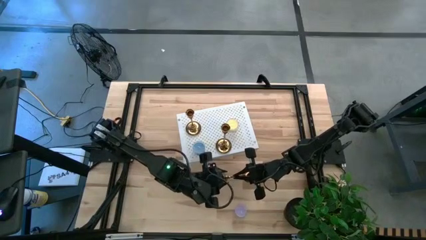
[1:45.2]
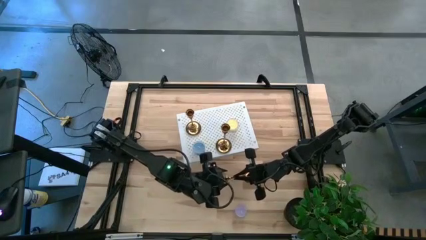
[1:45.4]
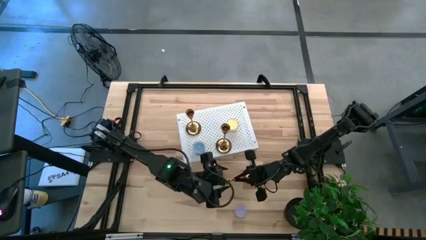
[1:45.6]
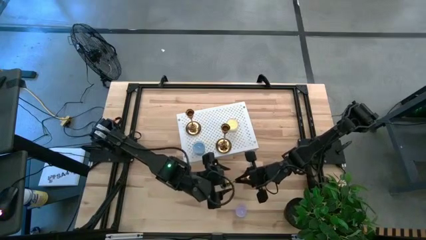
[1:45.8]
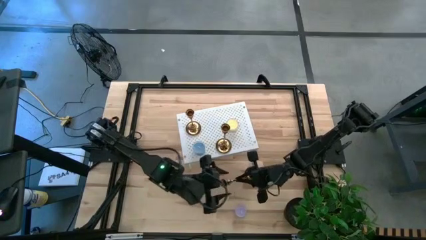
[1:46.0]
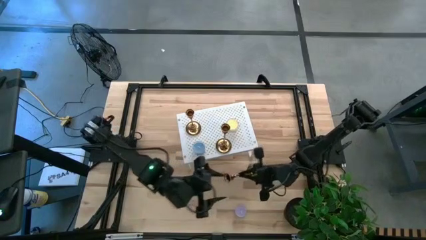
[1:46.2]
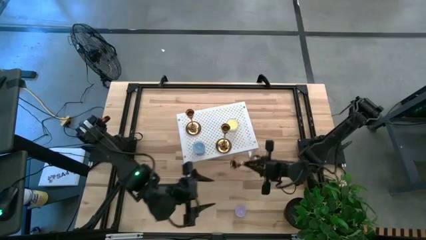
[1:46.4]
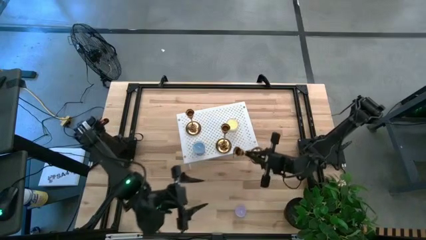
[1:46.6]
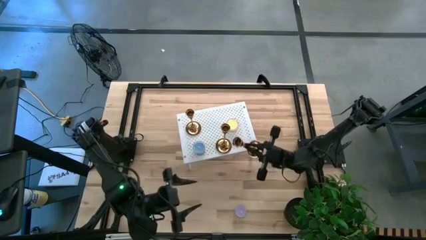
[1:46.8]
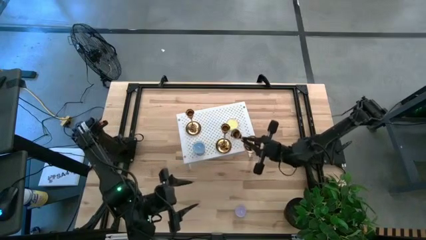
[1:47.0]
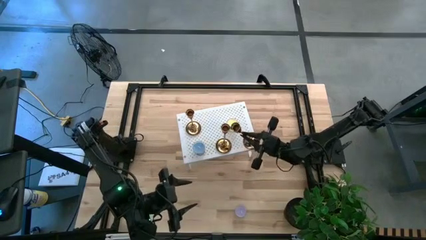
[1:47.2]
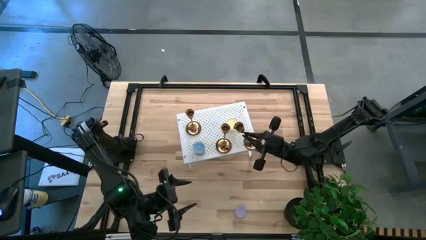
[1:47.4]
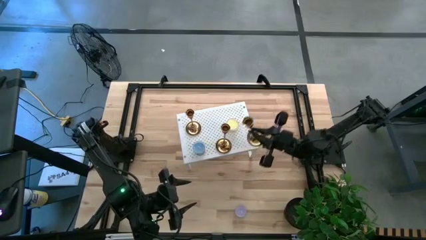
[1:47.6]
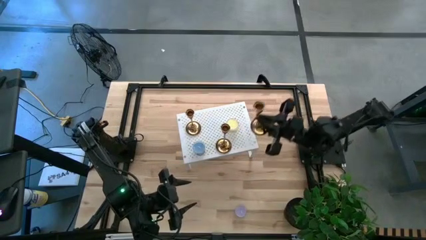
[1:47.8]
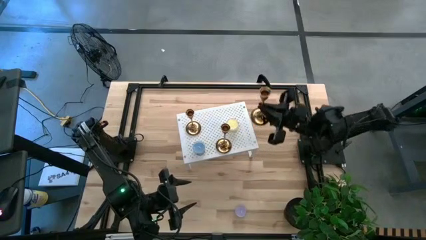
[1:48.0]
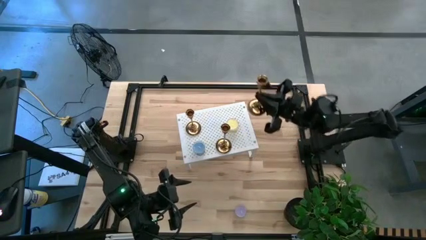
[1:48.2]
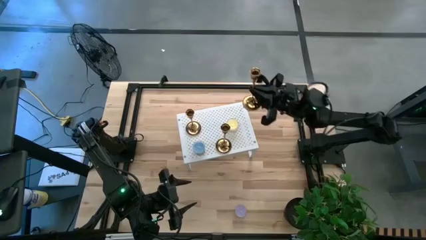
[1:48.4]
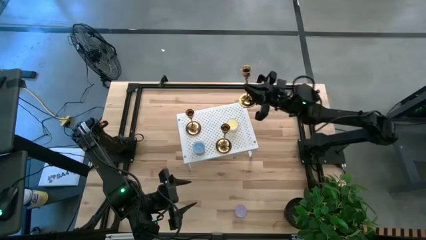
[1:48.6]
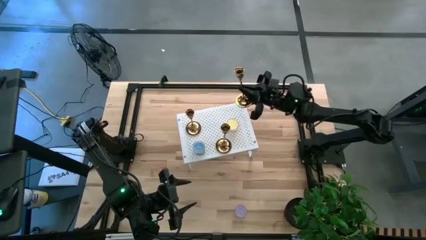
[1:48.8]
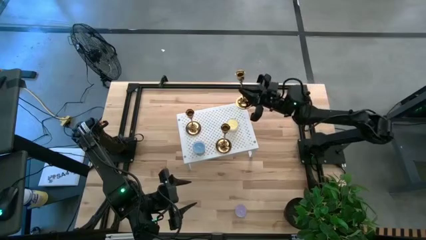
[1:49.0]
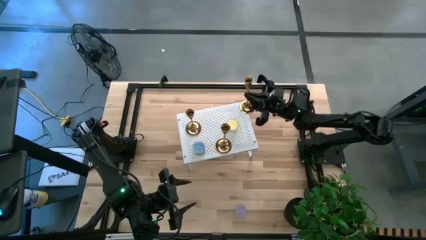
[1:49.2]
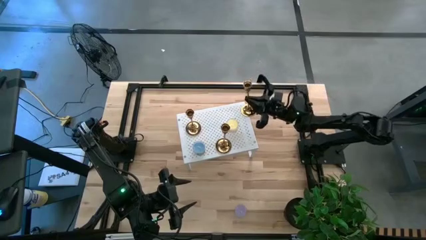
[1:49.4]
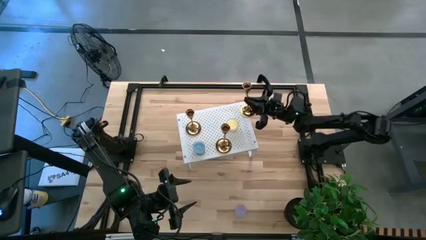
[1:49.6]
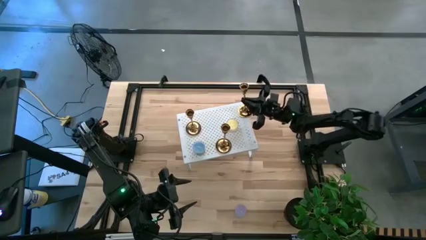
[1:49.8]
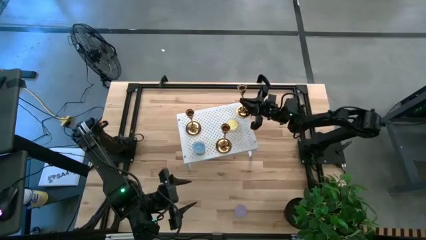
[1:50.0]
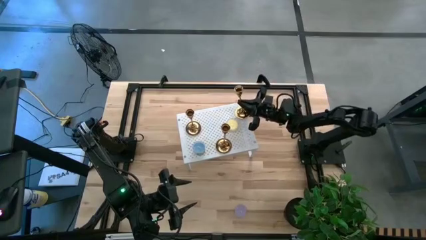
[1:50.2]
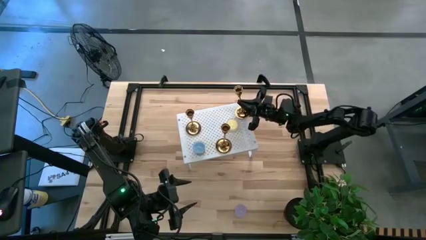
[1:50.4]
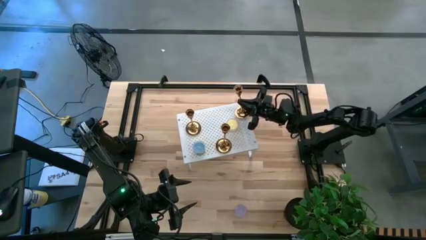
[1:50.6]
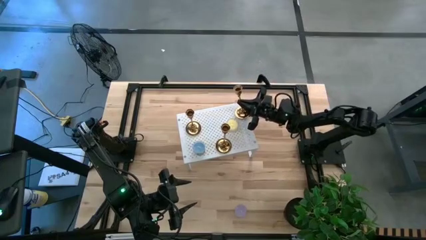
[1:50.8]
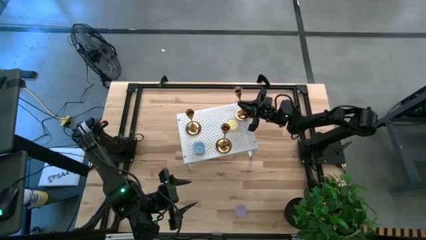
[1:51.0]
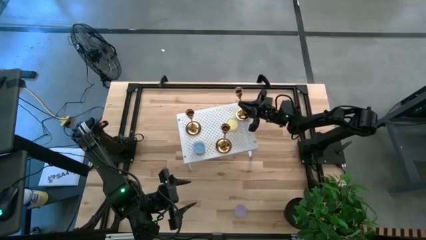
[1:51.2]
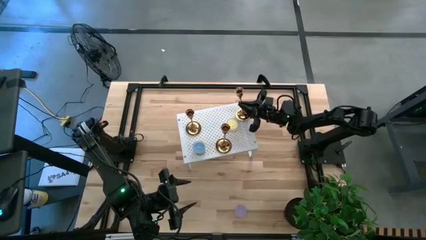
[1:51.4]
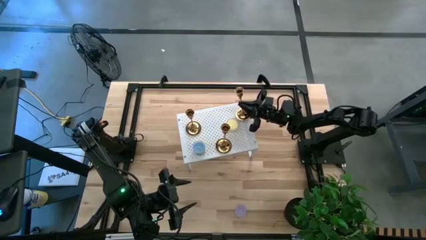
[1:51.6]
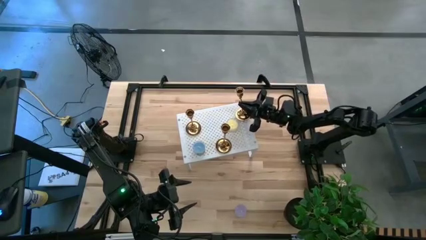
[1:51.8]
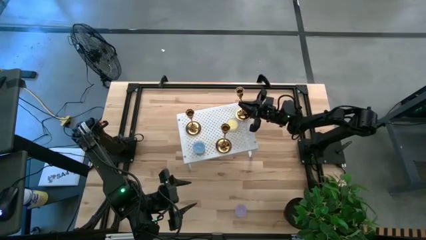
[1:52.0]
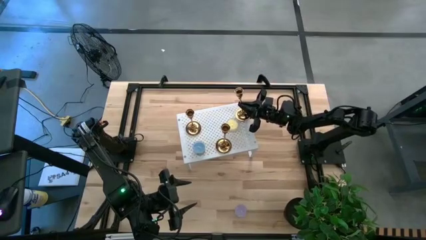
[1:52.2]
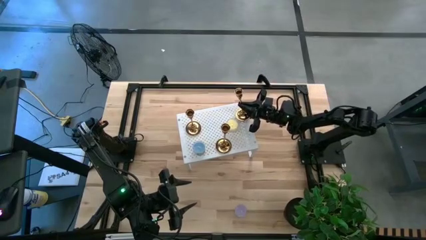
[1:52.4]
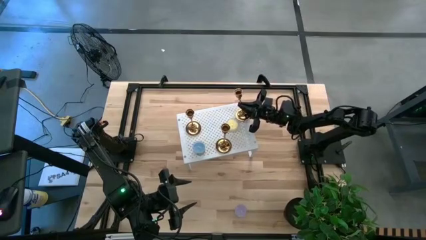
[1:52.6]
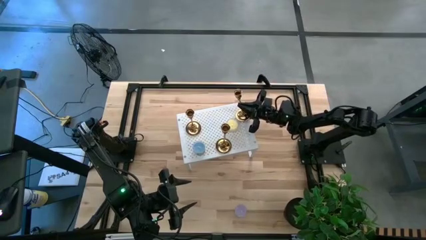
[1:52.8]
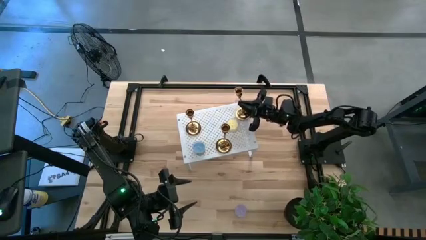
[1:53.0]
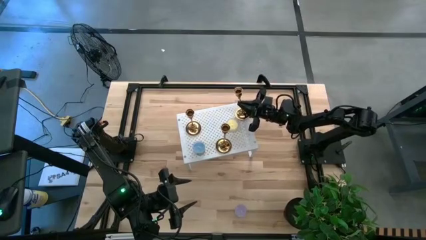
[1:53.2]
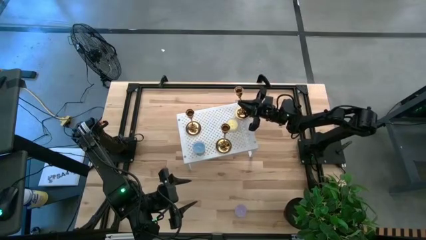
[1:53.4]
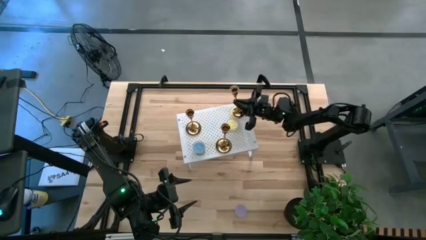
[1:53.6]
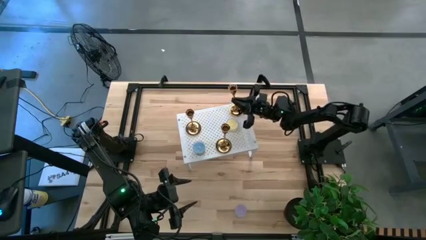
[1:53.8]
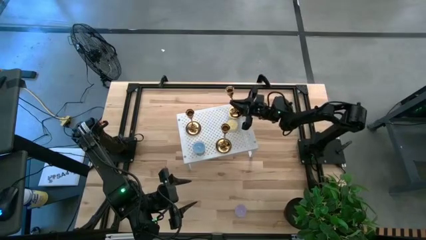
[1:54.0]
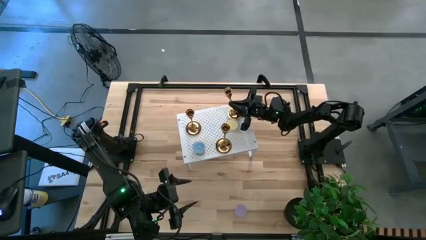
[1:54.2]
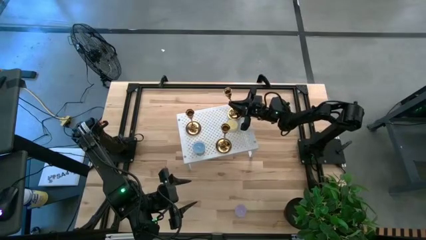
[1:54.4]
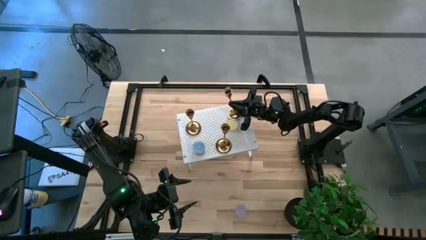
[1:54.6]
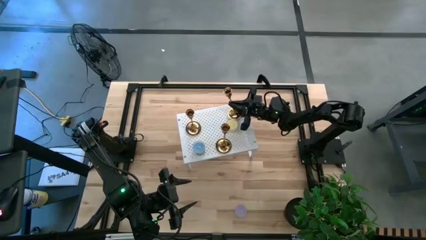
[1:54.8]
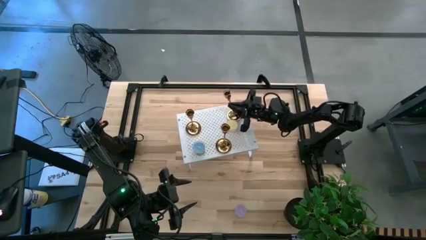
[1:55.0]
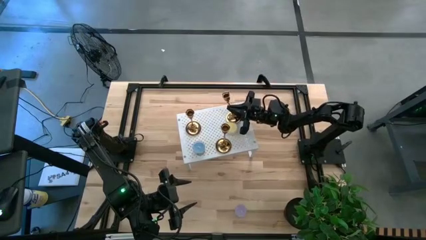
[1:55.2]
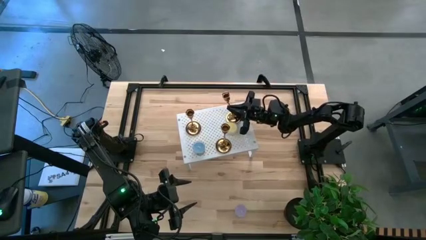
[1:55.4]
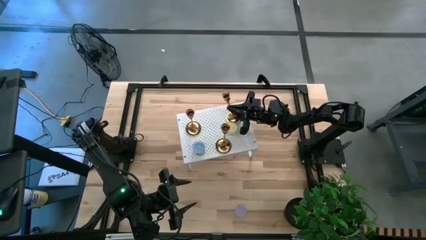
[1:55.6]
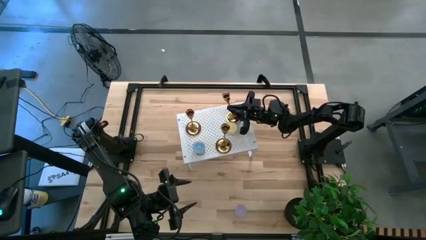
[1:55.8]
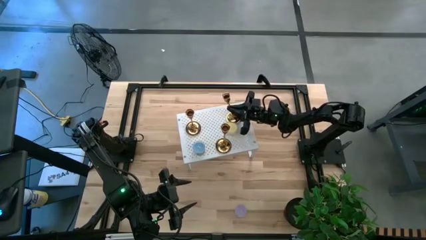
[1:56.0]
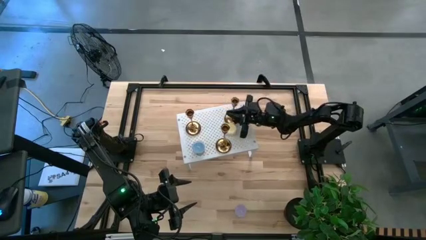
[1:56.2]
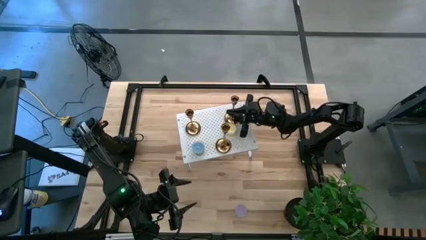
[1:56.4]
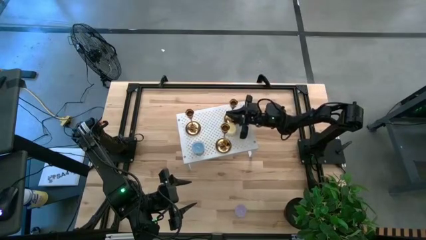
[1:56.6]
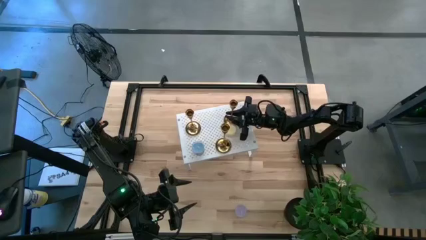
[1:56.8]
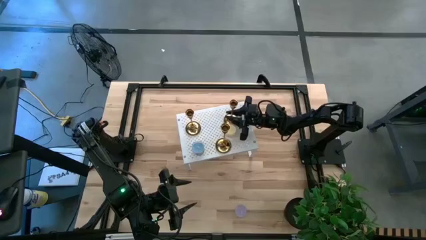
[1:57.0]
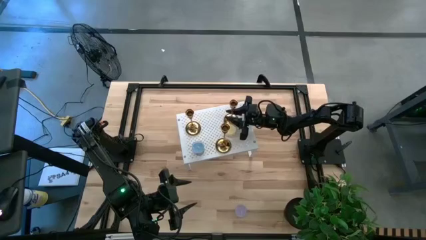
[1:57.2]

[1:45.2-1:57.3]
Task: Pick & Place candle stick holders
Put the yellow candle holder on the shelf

_WHAT THE EXERCISE ASKS_
Give the data again exactly as written, with all pictures left out.

_TASK RESPONSE_
[1:45.2]
[1:45.4]
[1:45.6]
[1:45.8]
[1:46.0]
[1:46.2]
[1:46.4]
[1:46.6]
[1:46.8]
[1:47.0]
[1:47.2]
[1:47.4]
[1:47.6]
[1:47.8]
[1:48.0]
[1:48.2]
[1:48.4]
[1:48.6]
[1:48.8]
[1:49.0]
[1:49.2]
[1:49.4]
[1:49.6]
[1:49.8]
[1:50.0]
[1:50.2]
[1:50.4]
[1:50.6]
[1:50.8]
[1:51.0]
[1:51.2]
[1:51.4]
[1:51.6]
[1:51.8]
[1:52.0]
[1:52.2]
[1:52.4]
[1:52.6]
[1:52.8]
[1:53.0]
[1:53.2]
[1:53.4]
[1:53.6]
[1:53.8]
[1:54.0]
[1:54.2]
[1:54.4]
[1:54.6]
[1:54.8]
[1:55.0]
[1:55.2]
[1:55.4]
[1:55.6]
[1:55.8]
[1:56.0]
[1:56.2]
[1:56.4]
[1:56.6]
[1:56.8]
[1:57.0]
[1:57.2]

[1:45.2-1:57.3]
Task: Pick & Place candle stick holders
Put the yellow candle holder on the shelf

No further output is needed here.